When CommandsContext.process_string() is called, it runs the input through each processor in order:

  1. Each processor receives the same string object and the shared recognized_entities list
  2. If a processor returns non-empty results, processing stops — subsequent processors are skipped
  3. Pre-processors return ([], 0) to pass through without stopping the pipeline
  4. If all processors return empty, the context resets to root

Built-in Processors

CorrectionsProcessor (pre-processor)

Generates phonetic corrections using Dictionary-based phonetic matching. Accepts any Dictionary instances — including one built from recognizable.strings via build_recognizable_dictionary(). For each input word/phrase, runs dictionary sentence search and appends matching corrections to string.corrections.

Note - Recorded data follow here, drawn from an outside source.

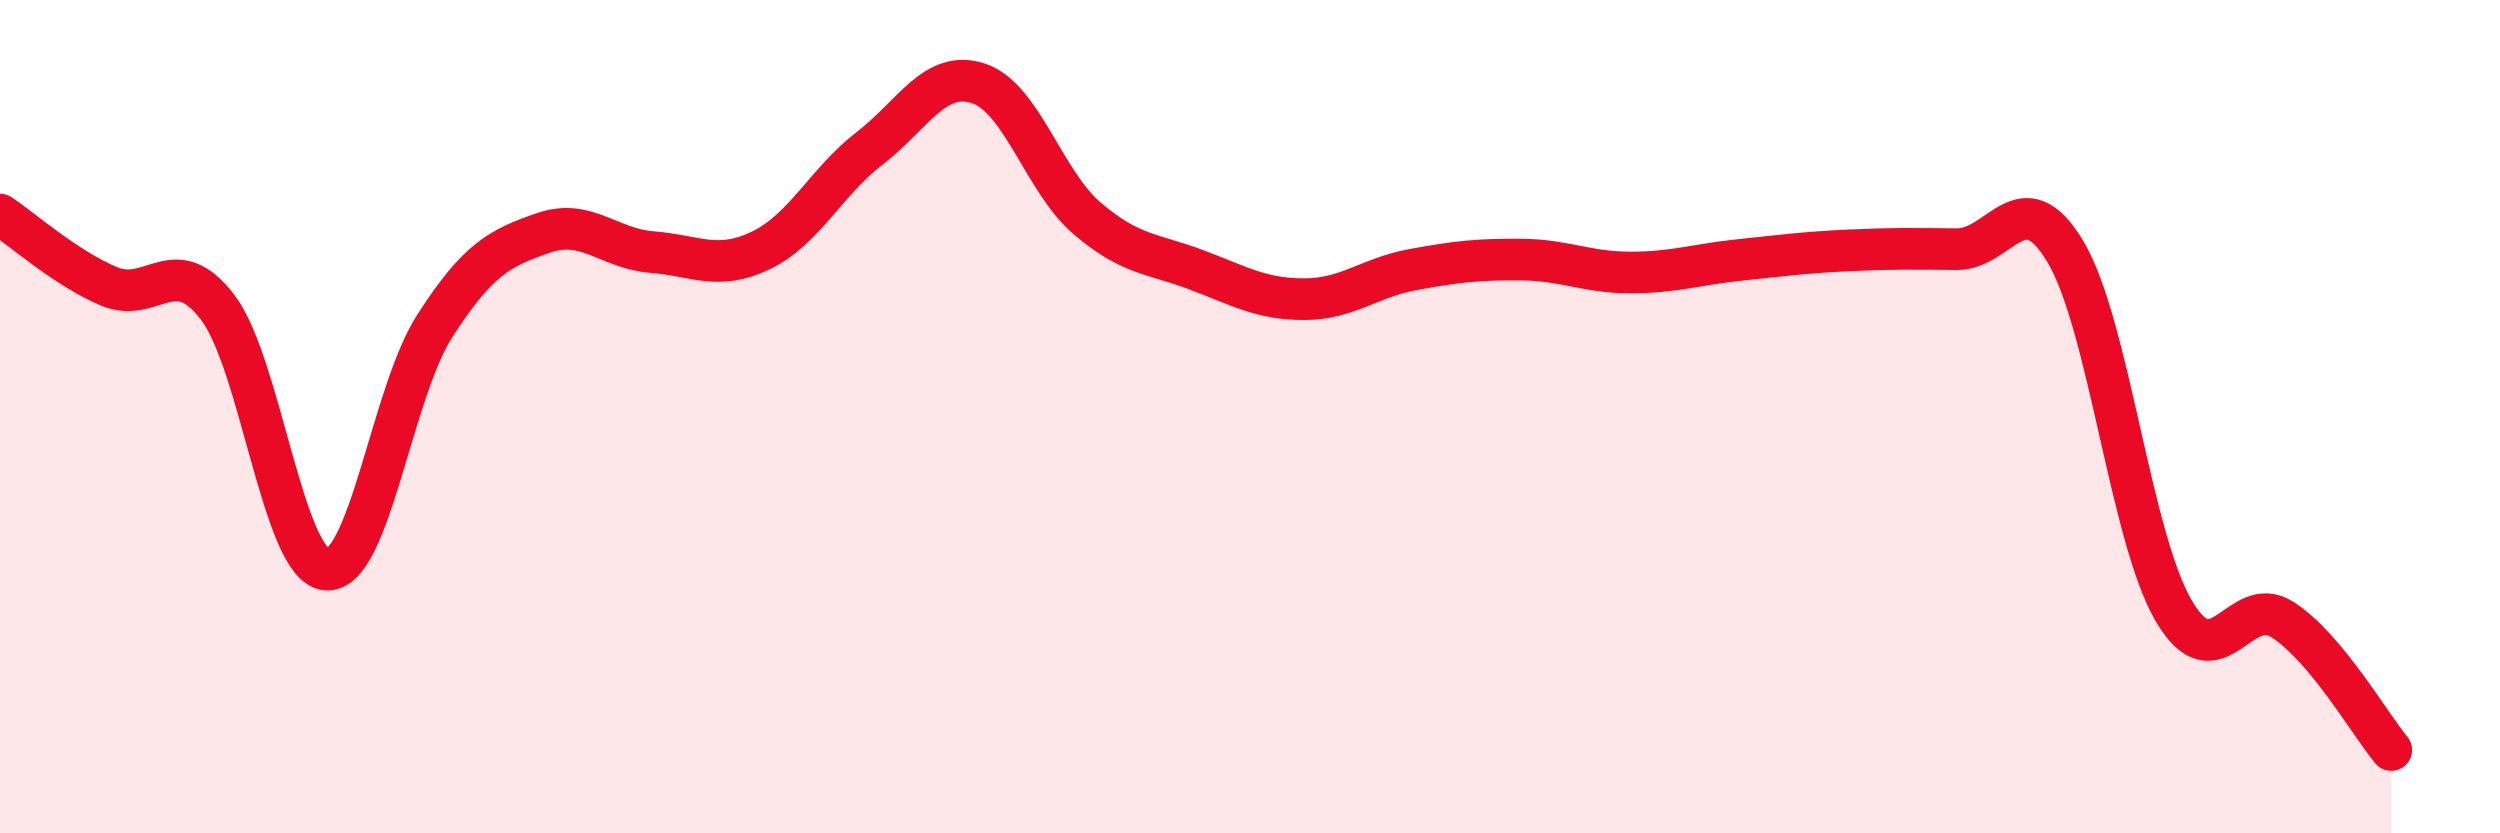 
    <svg width="60" height="20" viewBox="0 0 60 20" xmlns="http://www.w3.org/2000/svg">
      <path
        d="M 0,5.15 C 0.52,5.49 1.57,6.43 2.61,6.87 C 3.65,7.31 4.18,6.01 5.22,7.37 C 6.26,8.73 6.79,13.58 7.83,13.67 C 8.87,13.76 9.39,9.45 10.43,7.83 C 11.47,6.21 12,5.95 13.04,5.59 C 14.08,5.23 14.61,5.97 15.65,6.05 C 16.69,6.13 17.22,6.51 18.26,6.01 C 19.3,5.51 19.83,4.36 20.87,3.56 C 21.91,2.76 22.44,1.66 23.48,2 C 24.52,2.34 25.05,4.35 26.09,5.24 C 27.13,6.13 27.66,6.08 28.7,6.47 C 29.74,6.86 30.26,7.18 31.3,7.18 C 32.34,7.18 32.87,6.66 33.91,6.47 C 34.95,6.28 35.48,6.22 36.52,6.23 C 37.56,6.24 38.09,6.54 39.13,6.54 C 40.17,6.54 40.7,6.35 41.74,6.24 C 42.78,6.13 43.31,6.06 44.35,6.01 C 45.39,5.96 45.92,5.97 46.96,5.98 C 48,5.99 48.53,4.3 49.57,6.04 C 50.61,7.78 51.13,12.89 52.17,14.66 C 53.21,16.43 53.74,14.2 54.78,14.87 C 55.82,15.54 56.87,17.37 57.39,18L57.39 20L0 20Z"
        fill="#EB0A25"
        opacity="0.1"
        stroke-linecap="round"
        stroke-linejoin="round"
      />
      <path
        d="M 0,5.15 C 0.52,5.49 1.57,6.43 2.61,6.87 C 3.65,7.31 4.18,6.01 5.22,7.37 C 6.26,8.73 6.79,13.58 7.83,13.67 C 8.87,13.76 9.39,9.45 10.43,7.83 C 11.47,6.21 12,5.95 13.04,5.59 C 14.08,5.23 14.61,5.97 15.65,6.05 C 16.69,6.13 17.22,6.51 18.26,6.01 C 19.3,5.51 19.83,4.36 20.87,3.56 C 21.91,2.76 22.44,1.66 23.48,2 C 24.52,2.34 25.05,4.35 26.09,5.24 C 27.13,6.13 27.66,6.08 28.7,6.47 C 29.74,6.86 30.26,7.18 31.3,7.18 C 32.34,7.18 32.87,6.66 33.91,6.47 C 34.95,6.28 35.48,6.22 36.52,6.23 C 37.56,6.24 38.09,6.54 39.13,6.54 C 40.17,6.54 40.7,6.35 41.74,6.24 C 42.78,6.13 43.31,6.06 44.35,6.01 C 45.39,5.96 45.92,5.97 46.96,5.98 C 48,5.99 48.53,4.3 49.57,6.04 C 50.61,7.78 51.13,12.89 52.17,14.66 C 53.21,16.43 53.74,14.2 54.78,14.87 C 55.82,15.54 56.87,17.37 57.39,18"
        stroke="#EB0A25"
        stroke-width="1"
        fill="none"
        stroke-linecap="round"
        stroke-linejoin="round"
      />
    </svg>

These corrections are consumed by PatternParser._expand_corrections() to widen compiled regexes — e.g., "hello" in the regex becomes "(hello|helo)".

Included automatically for recognizable.strings in the default pipeline when a localizer is provided.

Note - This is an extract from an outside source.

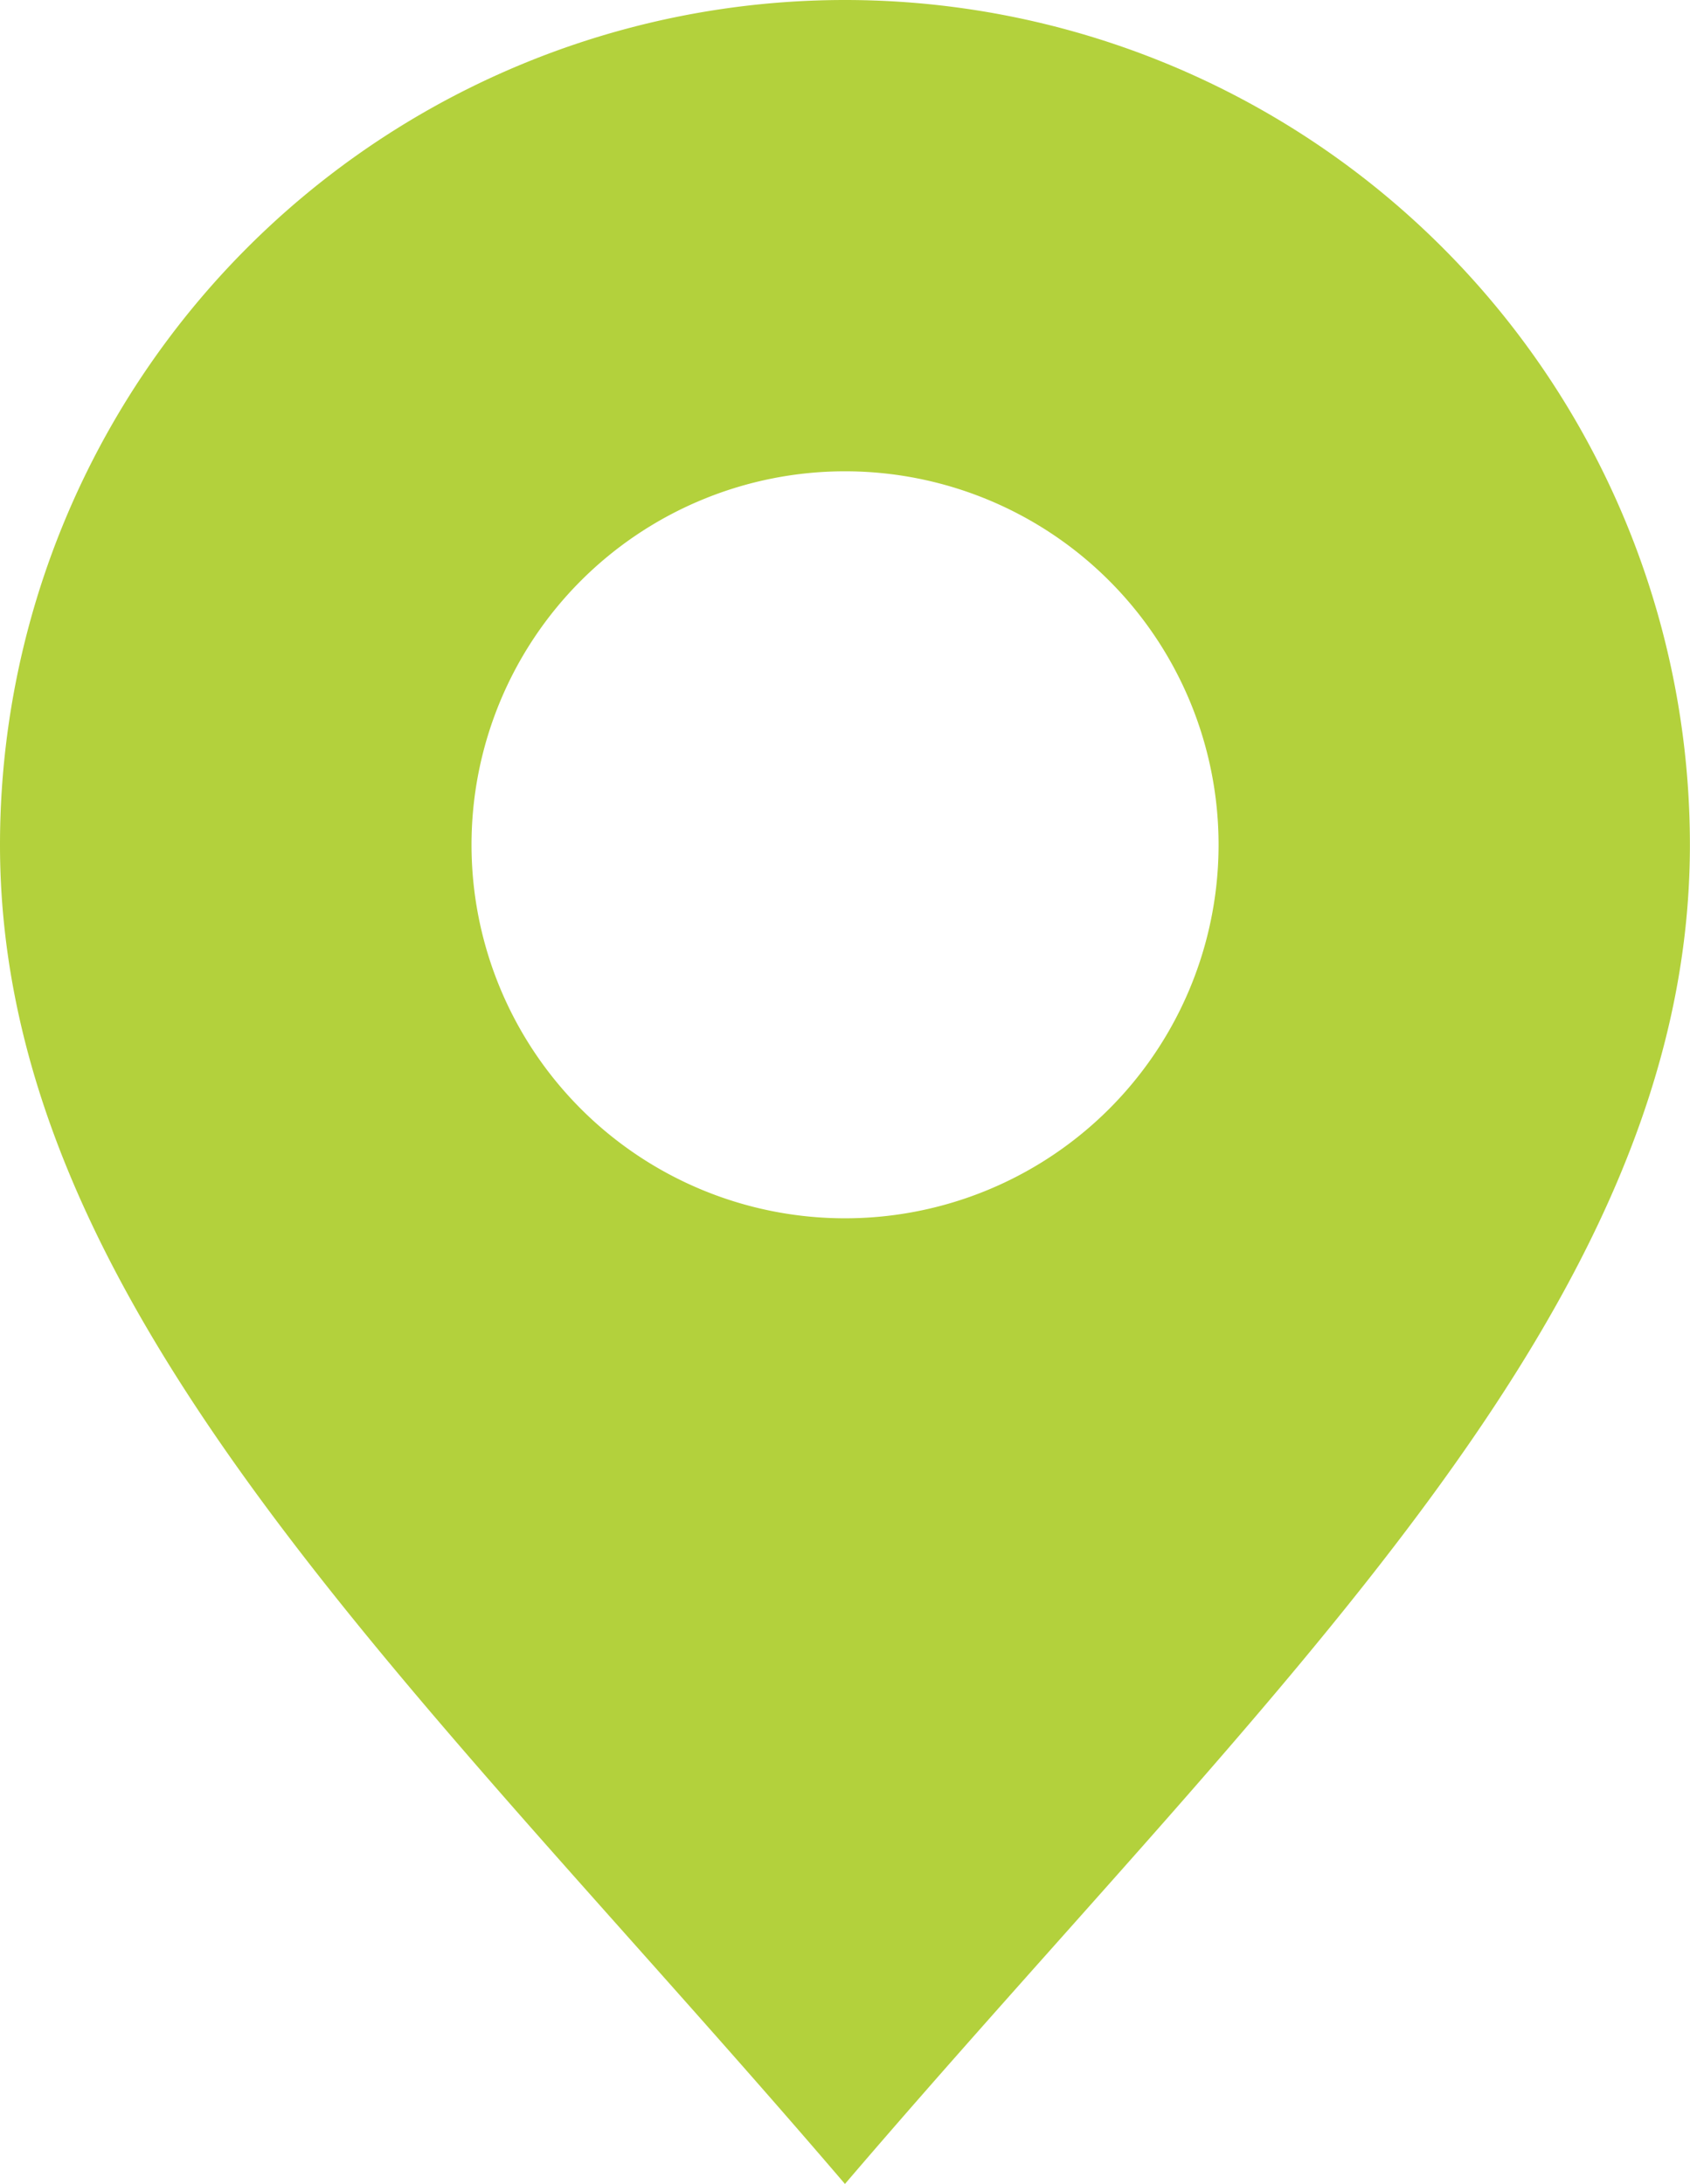 <svg xmlns="http://www.w3.org/2000/svg" width="18.401" height="23.781" viewBox="0 0 18.401 23.781">
    <path id="Path_2311" data-name="Path 2311"
        d="M613.95,624.455a9.2,9.2,0,0,0-9.2,9.2c0,5.081,4.6,9.2,9.2,14.581,4.6-5.38,9.2-9.5,9.2-14.581A9.2,9.2,0,0,0,613.95,624.455Zm0,13.266a4.067,4.067,0,1,1,4.068-4.067A4.067,4.067,0,0,1,613.95,637.721Z"
        transform="translate(-604.75 -624.455)" fill="#b3d13c"></path>
</svg>

See Corrections for full documentation.

SpacyNERProcessor (pre-processor)

Uses spaCy NER to mark named entities (locations, organizations, etc.) as RecognizedEntity objects. These narrow parameter extraction bounds in subsequent processors.

Complexity: O(N) where N = input length (spaCy's neural model). Memory: proportional to model size.

Matches input against all registered command patterns. Handles: - Pattern matching via PatternParser.match() — O(C × P) where C = commands in the current context window, P = pattern complexity - Matrix cross-language matching across alternative tracks (when STARK_ENABLE_MULTILANG_MATRIX=1) — multiplies by T (number of tracks which is the number of languages with active STT) - Corrections regex expansion — O(C) string replacements per match, where C = corrections - Overlap resolution with cross-track position translation — O(R), where R = results

Complexity: O(T × C × P) for matching + O(R) for overlap resolution

Creating a Custom Processor

Subclass CommandsContextProcessor and override either process_string (for pipeline-wide logic) or process_context_layer (for per-context-layer logic):

from stark.core.commands_context_processor import CommandsContextProcessor

class MyPreProcessor(CommandsContextProcessor):
    async def process_string(self, string, context, recognized_entities):
        # Pre-process: enrich metadata, add recognized entities
        # Return ([], 0) to pass through to the next processor
        return [], 0

class MySearchProcessor(CommandsContextProcessor):
    async def process_context_layer(self, string, context, context_layer, recognized_entities):
        # Search for commands in this context layer
        # Return list of SearchResult
        return []

Registering Processors

Pass your processors to CommandsContext or run(). Order matters — pre-processors before search, search before fallback:

from stark.core.processors import CorrectionsProcessor, SearchProcessor, SpacyNERProcessor
from stark.tools.dictionary import build_recognizable_dictionary

context = CommandsContext(
    task_group=main_task_group,
    commands_manager=manager,
    processors=[
        CorrectionsProcessor(dictionaries=[dictionary]),  # 1. generate phonetic corrections
        SpacyNERProcessor(lang_models={"en": "en_core_web_sm"}),  # 2. mark entities
        SearchProcessor(),  # 3. match commands
        # MyFallbackProcessor(),  # 4. optionally handle unmatched input
    ],
)

Metadata on Input Strings

Input string may be a plain python str, but also may carry metadata via LocaleString or subclasses. Processors can read metadata and append to mutable fields. STARK provides next table of metadata attributes available on LocaleString subclasses:

Attribute Type LocaleString Subclass Description
language_code LanguageCode All LocaleString Majority language of the input
words tuple[TranscriptionWord] TranscriptionString Per-word language annotations
corrections list[Correction] TranscriptionString Mutable. Phonetic corrections for regex expansion
alternative_texts dict[str, LocaleString] TranscriptionString Same utterance from different language models
track VoiceTranscriptionTrack VoiceTranscriptionString Word timestamps, confidence, speaker data. Subclass of TranscriptionString. Produced by VoskSpeechRecognizer and passed unchanged by VoiceAssistant

The type of the input string is determined by the IO layer (like STARK's VoiceAssistant). You can implement your own IO and processor layers and pass any metadata by subclassing LocaleString or its subclasses.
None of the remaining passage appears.